=== Section Start ===

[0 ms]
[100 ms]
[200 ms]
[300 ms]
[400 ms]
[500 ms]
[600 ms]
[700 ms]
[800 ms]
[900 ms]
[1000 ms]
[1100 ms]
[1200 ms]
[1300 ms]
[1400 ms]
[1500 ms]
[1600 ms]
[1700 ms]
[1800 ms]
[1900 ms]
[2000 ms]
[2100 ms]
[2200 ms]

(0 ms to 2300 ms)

=== Section End ===

### What to work on
With the material above as the source, restate each line word for word.

### Reply to the exercise
[0 ms]
[100 ms]
[200 ms]
[300 ms]
[400 ms]
[500 ms]
[600 ms]
[700 ms]
[800 ms]
[900 ms]
[1000 ms]
[1100 ms]
[1200 ms]
[1300 ms]
[1400 ms]
[1500 ms]
[1600 ms]
[1700 ms]
[1800 ms]
[1900 ms]
[2000 ms]
[2100 ms]
[2200 ms]

(0 ms to 2300 ms)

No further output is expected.